As AI-driven language interfaces (such as chat-bots) become more integrated into our lives, they need to become more versatile and reliable in their communication with human users. How can we make progress toward building more “general” models that are capable of understanding a broader spectrum of language commands, given practical constraints such as the limited availability of labeled data?

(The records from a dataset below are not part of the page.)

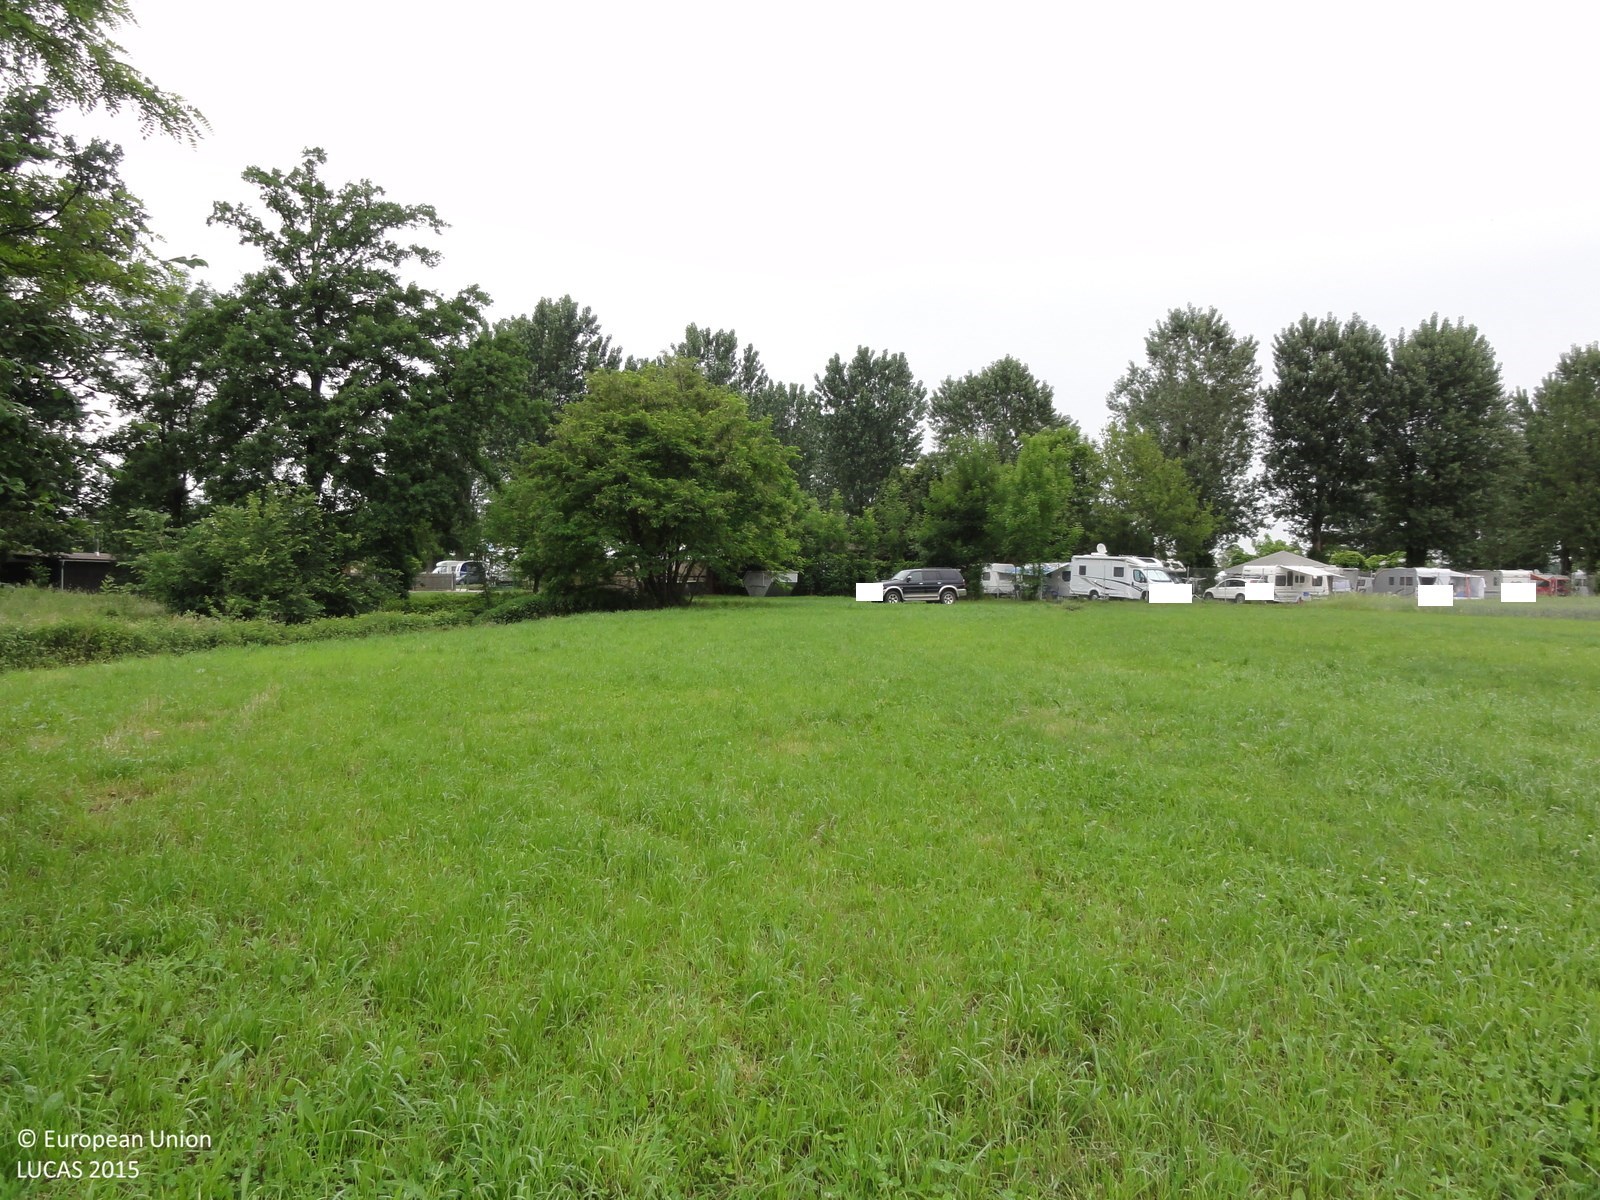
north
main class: Grassland
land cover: Grassland without tree/shrub cover
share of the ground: > 75 %
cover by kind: herbaceous plants 100 %
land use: Agriculture (excluding fallow land and kitchen gardens)
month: May
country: SI
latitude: 46.5703
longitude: 16.1716
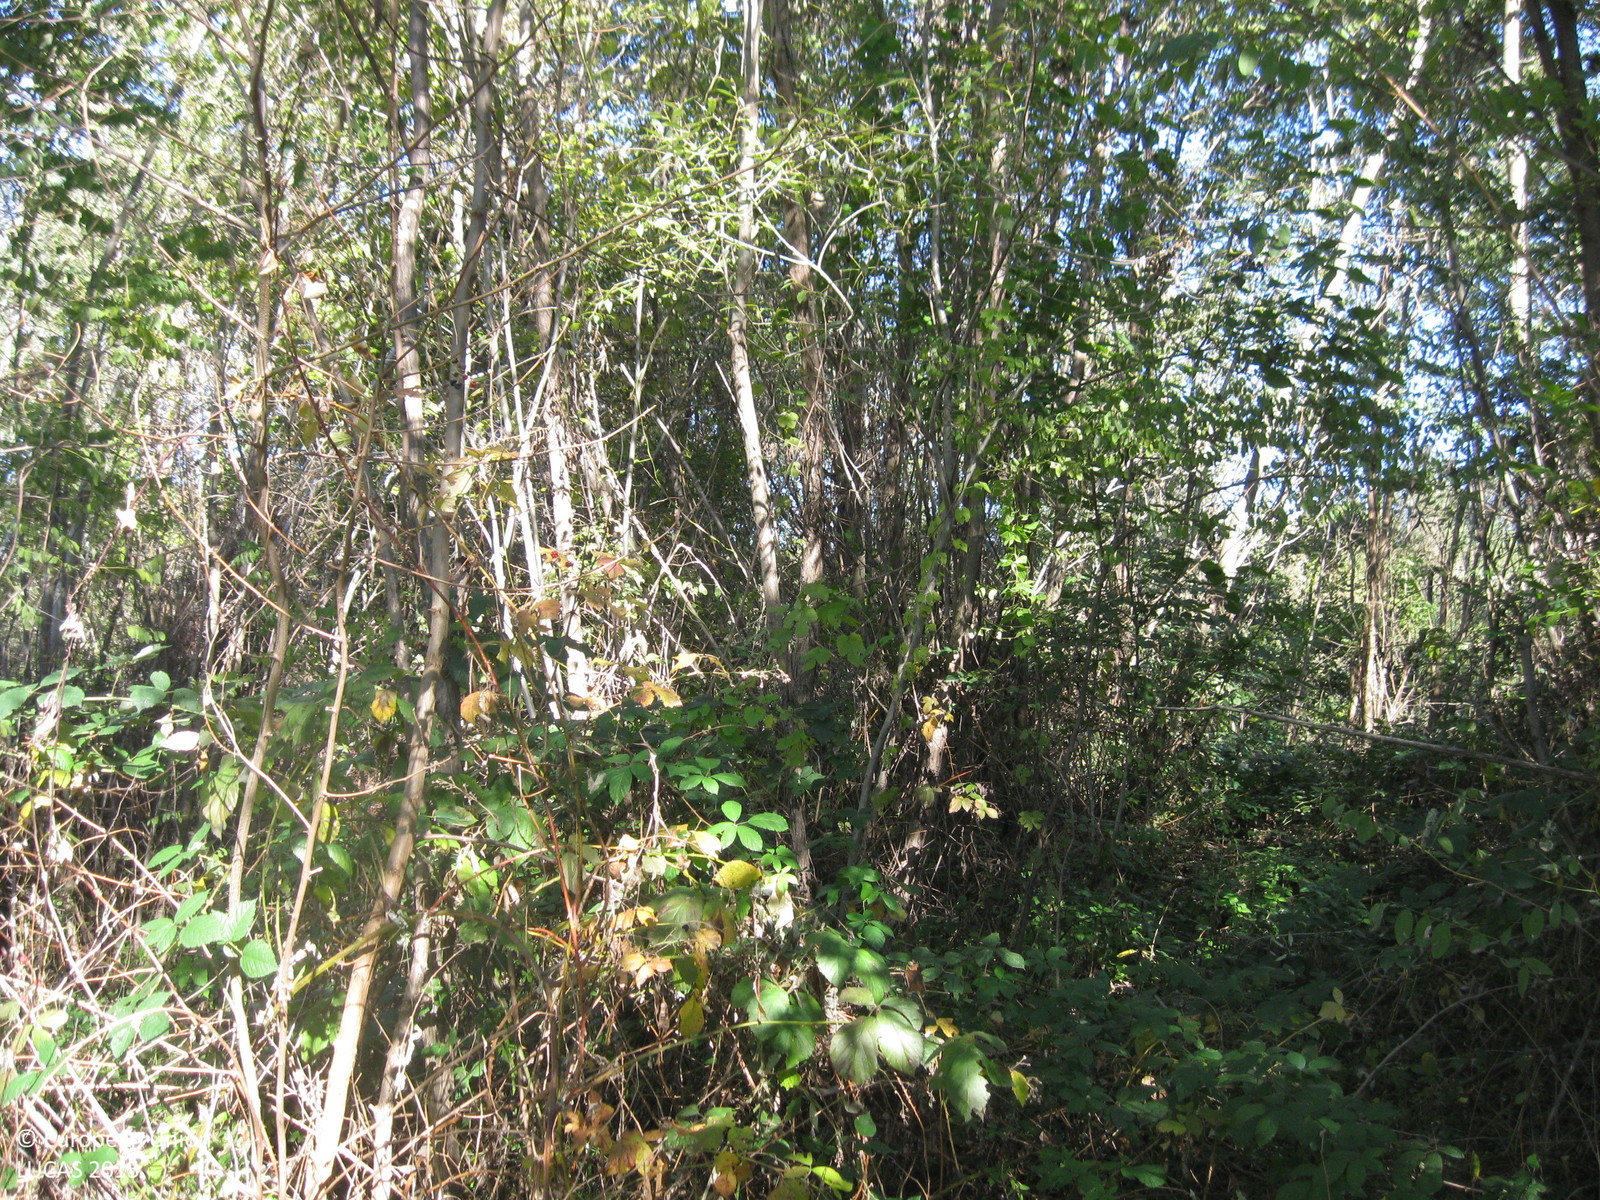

In this talk, I will describe my research toward addressing this question along two dimensions of generality. First I will discuss progress in “breadth” — models that address a wider variety of tasks and abilities, drawing inspiration from existing statistical learning techniques such as multi-task learning. In particular, I will showcase a system that works well on several QA benchmarks, resulting in state-of-the-art results on 10 benchmarks. Furthermore, I will show its extension to tasks beyond QA (such as text generation or classification) that can be “defined” via natural language. In the second part, I will focus on progress in “depth” — models that can handle complex inputs such as compositional questions. I will introduce Text Modular Networks, a general framework that casts problem-solving as natural language communication among simpler “modules.” Applying this framework to compositional questions by leveraging discrete optimization and existing non-compositional closed-box QA models results in a model with strong empirical performance on multiple complex QA benchmarks while providing human-readable reasoning.
I will conclude with future research directions toward broader NLP systems by addressing the limitations of the presented ideas and other missing elements needed to move toward more general-purpose interactive language understanding systems.
Daniel Khashabi is a postdoctoral researcher at the Allen Institute for Artificial Intelligence (AI2), Seattle. Previously, he completed his Ph.D. in Computer and Information Sciences at the University of Pennsylvania in 2019. His interests lie at the intersection of artificial intelligence and natural language processing, with a vision toward more general systems through unified algorithms and theories.